Friday, July 10, 2009

iPod

We were in a small cabin deep in a pine forest. White pines mostly there in the North Carolina mountains, tall trees forming a high canopy. Slate outcroppings made for treacherous walks outside, so slippery, fractured and crackly. A steady rain had been falling for several days and gave no sign of letting up. Nothing was dry. The cabin had a palpable dampness, though by comparison to the outside world, it was downright arid. Arid, extra dry. For our purposes... Arid, not completely wet.

We were far from electricity; most of our modern gadgetry was drained of all battery power, but a few devices held out as long as they could. You never know when the end is coming with the iPod. It just stops playing. I remember how tape decks would slow down near the end of battery life, comically lowering voices and slowing down music, sadly and gradually marking the end. If you did it right you could turn the tape player off (even after the battery petered out), let it sit, then turn it back on... there would be some power remaining so you could choose your last sounds. But with the iPod, it was music straight into silence. How very digital of it. Analog was always more forgiving. The past is usually more forgiving than the present. Surely some metaphorically analogous something is begging to be formally revealed here, maybe another time.

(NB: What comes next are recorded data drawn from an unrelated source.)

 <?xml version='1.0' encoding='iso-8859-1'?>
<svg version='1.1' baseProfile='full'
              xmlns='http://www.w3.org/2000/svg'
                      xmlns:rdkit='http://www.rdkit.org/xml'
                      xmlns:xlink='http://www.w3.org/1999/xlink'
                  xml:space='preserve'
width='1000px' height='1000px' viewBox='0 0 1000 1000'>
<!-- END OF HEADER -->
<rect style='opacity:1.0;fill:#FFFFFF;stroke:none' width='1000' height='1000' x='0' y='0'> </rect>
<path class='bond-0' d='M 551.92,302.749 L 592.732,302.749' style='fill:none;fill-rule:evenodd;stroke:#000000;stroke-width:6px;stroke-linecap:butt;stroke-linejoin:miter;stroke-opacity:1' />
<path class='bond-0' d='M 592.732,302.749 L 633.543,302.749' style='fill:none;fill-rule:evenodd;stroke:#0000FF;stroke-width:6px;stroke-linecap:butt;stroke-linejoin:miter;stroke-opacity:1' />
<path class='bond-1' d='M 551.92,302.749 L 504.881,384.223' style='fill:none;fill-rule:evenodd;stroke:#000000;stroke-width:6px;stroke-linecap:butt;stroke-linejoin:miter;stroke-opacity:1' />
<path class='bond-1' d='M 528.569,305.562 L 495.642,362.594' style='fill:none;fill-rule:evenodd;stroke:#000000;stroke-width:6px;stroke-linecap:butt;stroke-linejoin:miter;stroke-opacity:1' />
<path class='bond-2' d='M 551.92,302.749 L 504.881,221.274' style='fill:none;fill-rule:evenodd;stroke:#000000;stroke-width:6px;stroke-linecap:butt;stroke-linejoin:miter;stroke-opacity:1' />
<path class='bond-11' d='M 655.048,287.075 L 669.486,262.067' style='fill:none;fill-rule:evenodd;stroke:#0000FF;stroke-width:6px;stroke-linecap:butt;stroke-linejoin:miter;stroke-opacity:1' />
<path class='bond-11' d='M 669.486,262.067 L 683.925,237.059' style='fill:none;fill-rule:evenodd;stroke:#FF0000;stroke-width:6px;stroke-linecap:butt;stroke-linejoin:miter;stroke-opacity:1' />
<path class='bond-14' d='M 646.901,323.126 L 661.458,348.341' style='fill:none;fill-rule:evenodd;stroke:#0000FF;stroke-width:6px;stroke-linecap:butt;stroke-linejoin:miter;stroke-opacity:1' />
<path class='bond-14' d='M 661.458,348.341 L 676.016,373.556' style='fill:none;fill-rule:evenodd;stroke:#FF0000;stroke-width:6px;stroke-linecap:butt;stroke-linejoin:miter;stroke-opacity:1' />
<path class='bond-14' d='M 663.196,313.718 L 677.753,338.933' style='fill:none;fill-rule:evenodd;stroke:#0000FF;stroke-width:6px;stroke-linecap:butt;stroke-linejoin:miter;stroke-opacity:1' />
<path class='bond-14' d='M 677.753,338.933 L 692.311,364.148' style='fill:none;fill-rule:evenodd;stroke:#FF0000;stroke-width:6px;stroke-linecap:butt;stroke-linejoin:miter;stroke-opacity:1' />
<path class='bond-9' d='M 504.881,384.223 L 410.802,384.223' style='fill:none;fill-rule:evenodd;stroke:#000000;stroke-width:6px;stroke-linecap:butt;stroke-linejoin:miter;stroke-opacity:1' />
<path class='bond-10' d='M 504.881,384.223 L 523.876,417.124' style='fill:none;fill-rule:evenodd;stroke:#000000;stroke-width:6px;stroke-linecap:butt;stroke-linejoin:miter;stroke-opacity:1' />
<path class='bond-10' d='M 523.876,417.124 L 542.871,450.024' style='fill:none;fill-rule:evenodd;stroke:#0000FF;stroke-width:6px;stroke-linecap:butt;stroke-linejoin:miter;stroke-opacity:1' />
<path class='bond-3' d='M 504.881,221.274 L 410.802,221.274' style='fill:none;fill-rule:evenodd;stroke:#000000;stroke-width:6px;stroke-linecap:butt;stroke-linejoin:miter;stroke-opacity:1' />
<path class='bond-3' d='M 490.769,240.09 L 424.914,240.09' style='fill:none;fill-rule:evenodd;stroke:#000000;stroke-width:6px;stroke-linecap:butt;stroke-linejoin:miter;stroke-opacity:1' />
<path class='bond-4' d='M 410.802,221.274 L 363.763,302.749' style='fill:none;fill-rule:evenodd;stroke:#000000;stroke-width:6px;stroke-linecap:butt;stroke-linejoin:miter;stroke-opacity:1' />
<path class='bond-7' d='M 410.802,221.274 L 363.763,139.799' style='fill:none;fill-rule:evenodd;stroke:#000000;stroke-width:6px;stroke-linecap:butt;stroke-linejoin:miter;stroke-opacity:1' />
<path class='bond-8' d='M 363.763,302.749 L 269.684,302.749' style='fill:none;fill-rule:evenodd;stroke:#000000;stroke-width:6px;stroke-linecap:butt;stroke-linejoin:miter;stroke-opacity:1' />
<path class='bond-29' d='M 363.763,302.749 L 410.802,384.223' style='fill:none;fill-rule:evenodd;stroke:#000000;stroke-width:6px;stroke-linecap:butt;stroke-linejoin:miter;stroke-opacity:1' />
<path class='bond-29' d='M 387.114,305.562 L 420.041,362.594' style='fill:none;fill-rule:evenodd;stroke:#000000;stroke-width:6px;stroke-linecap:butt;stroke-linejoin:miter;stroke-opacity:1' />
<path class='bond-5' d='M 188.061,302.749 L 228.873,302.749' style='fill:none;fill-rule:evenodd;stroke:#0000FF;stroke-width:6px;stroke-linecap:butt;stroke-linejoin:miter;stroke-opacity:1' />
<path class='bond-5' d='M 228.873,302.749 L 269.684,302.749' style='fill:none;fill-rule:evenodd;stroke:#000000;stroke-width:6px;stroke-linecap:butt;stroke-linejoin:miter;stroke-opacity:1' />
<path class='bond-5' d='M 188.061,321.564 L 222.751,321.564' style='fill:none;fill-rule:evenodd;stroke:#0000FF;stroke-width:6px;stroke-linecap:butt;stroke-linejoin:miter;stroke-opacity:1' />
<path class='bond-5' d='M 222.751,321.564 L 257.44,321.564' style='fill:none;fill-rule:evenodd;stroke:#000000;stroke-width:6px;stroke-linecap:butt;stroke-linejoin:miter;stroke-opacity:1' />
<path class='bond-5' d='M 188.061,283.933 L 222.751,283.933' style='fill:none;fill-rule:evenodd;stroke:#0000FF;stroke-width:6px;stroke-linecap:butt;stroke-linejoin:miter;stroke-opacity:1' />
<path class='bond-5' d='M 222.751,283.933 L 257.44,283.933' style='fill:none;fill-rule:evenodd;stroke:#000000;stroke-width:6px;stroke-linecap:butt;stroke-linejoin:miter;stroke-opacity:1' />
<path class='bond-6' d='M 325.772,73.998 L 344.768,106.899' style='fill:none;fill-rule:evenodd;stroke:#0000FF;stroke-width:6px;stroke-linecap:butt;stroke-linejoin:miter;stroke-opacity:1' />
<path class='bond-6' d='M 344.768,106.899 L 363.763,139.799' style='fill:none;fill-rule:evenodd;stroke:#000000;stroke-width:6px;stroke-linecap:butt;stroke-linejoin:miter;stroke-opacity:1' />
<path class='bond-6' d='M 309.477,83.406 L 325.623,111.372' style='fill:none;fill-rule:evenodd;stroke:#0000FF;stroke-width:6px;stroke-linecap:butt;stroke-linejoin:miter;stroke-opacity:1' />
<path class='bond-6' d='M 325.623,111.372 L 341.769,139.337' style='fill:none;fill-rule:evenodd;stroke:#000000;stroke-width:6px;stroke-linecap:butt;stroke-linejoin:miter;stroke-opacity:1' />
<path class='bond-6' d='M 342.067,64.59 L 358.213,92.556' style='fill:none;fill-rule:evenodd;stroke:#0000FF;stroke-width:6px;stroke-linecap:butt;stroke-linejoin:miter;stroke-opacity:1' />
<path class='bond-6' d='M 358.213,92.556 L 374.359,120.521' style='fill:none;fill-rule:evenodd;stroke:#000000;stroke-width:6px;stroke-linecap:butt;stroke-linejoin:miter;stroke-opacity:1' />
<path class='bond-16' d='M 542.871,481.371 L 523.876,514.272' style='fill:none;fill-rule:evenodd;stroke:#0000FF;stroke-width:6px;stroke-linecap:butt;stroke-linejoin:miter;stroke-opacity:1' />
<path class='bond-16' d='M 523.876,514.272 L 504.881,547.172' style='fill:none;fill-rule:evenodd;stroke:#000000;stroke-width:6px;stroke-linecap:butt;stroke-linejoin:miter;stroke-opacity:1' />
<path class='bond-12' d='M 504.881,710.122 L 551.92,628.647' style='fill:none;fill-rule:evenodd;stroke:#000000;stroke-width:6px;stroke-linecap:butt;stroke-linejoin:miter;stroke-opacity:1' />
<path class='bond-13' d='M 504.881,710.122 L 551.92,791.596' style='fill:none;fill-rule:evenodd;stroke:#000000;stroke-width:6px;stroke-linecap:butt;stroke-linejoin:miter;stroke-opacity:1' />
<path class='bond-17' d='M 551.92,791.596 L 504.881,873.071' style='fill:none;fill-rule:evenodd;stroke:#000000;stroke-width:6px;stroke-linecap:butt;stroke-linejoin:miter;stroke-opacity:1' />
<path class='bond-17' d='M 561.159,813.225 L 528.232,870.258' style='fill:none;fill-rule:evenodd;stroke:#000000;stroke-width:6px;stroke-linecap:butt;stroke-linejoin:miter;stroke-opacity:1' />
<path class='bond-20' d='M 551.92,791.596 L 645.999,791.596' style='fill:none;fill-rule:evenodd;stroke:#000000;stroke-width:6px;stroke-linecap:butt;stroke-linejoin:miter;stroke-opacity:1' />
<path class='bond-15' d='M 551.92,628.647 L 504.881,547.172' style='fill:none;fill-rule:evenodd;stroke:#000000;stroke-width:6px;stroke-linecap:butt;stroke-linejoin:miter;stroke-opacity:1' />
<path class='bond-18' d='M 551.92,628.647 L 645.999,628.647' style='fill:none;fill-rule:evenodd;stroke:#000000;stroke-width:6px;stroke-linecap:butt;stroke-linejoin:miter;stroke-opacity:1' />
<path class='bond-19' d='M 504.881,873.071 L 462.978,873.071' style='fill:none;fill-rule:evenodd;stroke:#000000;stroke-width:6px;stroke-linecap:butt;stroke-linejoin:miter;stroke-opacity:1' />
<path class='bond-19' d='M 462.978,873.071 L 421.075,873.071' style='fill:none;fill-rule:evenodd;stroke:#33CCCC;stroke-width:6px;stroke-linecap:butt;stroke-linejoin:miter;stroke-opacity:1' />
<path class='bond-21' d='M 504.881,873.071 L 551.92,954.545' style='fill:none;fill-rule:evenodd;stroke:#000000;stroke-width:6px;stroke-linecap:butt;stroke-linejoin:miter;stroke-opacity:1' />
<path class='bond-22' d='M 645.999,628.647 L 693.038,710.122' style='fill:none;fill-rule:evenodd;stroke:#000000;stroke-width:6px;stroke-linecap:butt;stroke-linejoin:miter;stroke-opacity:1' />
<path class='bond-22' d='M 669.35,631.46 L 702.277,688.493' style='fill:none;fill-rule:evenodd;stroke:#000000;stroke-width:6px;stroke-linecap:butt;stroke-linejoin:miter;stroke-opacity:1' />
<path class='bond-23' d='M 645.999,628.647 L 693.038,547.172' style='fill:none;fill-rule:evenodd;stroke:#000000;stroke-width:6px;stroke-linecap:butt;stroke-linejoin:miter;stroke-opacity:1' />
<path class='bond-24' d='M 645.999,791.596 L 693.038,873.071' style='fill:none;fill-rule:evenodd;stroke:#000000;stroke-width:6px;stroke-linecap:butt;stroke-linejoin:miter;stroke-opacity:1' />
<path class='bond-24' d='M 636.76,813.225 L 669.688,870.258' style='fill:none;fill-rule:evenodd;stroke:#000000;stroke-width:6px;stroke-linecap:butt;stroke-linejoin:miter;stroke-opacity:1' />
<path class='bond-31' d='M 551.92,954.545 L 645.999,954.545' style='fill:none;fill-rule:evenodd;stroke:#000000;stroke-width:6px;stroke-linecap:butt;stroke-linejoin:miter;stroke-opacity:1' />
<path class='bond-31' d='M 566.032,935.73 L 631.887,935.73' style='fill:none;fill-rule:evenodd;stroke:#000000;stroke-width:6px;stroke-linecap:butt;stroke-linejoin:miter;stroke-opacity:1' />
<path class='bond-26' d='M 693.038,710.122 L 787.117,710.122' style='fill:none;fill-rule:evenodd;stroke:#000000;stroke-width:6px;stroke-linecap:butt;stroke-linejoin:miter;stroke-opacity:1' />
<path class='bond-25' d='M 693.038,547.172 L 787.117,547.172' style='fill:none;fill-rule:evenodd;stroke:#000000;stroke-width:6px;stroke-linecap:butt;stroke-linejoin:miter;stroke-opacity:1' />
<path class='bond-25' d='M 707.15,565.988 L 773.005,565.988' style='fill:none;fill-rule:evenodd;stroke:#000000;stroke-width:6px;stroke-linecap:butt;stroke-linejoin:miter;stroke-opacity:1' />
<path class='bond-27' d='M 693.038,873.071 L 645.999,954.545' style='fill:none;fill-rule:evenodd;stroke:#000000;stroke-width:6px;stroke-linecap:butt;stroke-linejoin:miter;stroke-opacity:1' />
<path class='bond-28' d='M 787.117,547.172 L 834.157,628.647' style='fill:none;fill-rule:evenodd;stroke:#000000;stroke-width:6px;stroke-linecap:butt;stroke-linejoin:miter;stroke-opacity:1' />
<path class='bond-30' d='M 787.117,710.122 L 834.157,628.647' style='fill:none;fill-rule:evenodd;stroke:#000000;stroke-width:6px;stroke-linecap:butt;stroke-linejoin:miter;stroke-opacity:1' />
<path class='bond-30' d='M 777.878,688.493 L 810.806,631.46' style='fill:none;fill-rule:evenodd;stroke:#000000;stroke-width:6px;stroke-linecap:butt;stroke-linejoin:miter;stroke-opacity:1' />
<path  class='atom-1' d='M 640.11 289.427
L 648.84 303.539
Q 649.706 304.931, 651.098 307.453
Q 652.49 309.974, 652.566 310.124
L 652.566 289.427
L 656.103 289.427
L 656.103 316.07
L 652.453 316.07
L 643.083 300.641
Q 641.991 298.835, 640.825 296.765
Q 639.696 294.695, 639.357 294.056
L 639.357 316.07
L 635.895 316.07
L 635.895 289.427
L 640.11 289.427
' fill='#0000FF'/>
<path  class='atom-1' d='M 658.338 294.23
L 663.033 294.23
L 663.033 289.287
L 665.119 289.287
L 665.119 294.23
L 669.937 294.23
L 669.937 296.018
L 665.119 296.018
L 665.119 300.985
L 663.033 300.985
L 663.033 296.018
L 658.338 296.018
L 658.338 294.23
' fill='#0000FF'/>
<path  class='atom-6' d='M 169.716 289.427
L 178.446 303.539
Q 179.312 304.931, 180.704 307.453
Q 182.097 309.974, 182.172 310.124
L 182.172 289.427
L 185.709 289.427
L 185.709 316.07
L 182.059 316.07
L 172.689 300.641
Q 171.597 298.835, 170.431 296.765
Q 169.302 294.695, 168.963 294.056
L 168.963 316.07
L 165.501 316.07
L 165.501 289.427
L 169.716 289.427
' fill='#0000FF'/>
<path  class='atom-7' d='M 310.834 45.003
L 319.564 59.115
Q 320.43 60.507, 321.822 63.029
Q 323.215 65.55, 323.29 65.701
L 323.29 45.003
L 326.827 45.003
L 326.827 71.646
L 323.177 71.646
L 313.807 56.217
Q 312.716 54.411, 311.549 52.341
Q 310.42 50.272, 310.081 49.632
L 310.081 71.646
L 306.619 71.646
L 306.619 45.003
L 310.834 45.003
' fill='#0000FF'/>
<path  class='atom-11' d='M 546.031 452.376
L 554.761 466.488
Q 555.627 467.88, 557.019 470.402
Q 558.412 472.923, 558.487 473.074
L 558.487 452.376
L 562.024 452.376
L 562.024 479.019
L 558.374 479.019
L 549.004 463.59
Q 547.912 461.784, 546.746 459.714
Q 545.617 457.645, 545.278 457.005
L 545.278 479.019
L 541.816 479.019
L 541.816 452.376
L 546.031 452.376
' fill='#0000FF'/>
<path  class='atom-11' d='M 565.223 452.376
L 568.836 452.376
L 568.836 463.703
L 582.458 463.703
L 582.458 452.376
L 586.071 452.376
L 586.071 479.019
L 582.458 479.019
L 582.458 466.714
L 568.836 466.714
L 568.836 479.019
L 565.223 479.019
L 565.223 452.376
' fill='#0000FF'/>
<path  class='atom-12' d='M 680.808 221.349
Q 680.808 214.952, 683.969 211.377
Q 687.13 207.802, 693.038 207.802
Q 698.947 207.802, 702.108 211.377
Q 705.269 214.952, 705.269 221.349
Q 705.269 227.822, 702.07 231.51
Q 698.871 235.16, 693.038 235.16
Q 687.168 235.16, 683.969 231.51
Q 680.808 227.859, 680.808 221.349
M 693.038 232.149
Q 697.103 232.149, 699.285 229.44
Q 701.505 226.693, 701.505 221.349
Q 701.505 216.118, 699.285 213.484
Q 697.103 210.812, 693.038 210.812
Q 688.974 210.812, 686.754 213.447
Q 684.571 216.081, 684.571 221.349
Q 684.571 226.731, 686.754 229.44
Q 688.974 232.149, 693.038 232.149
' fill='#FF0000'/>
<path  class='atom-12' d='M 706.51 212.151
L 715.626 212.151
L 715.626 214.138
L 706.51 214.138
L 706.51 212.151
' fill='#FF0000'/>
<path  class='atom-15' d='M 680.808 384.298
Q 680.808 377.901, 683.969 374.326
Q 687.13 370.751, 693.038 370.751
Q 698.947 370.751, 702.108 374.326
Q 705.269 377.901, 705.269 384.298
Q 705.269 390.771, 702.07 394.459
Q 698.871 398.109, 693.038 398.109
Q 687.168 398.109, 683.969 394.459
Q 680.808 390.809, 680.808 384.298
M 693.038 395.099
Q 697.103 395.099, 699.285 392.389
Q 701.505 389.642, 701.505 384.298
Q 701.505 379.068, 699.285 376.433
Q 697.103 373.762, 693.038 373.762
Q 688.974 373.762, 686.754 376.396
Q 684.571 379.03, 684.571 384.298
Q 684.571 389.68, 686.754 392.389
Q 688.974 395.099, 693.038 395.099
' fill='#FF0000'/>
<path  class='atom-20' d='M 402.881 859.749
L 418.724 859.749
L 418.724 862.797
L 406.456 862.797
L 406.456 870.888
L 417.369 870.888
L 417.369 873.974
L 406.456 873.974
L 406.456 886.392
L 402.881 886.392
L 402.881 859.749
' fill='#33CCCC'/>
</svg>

Probably not.

Knowing the iPod would give out eventually, I wanted to be sure to hear the song of my choice when the end came. By my best count I had played "Three Seed" by the Silversun Pickups twenty-three times in a row. The song has an epic air about it even though it is only five and a half minutes long. When played twenty-three times in a row, epic doesn't begin to describe it. By the time the replays had reached the teens, I was pretty sick of it. But I was committed. When the music stopped in the middle of the twenty-fourth play, I was left with a song in my brain I now hated, it made me edgy and no fun to be around. That seemed to be the consensus. It kept raining. I wondered if it would slow to an exhausted mist of a suspended wetness, or if it would just stop.

The rain continued its siege for several more days following the demise of the iPod. I awoke one morning as the sun came up through a well-rested blue sky. I don't know how the rain ended, but I know it did.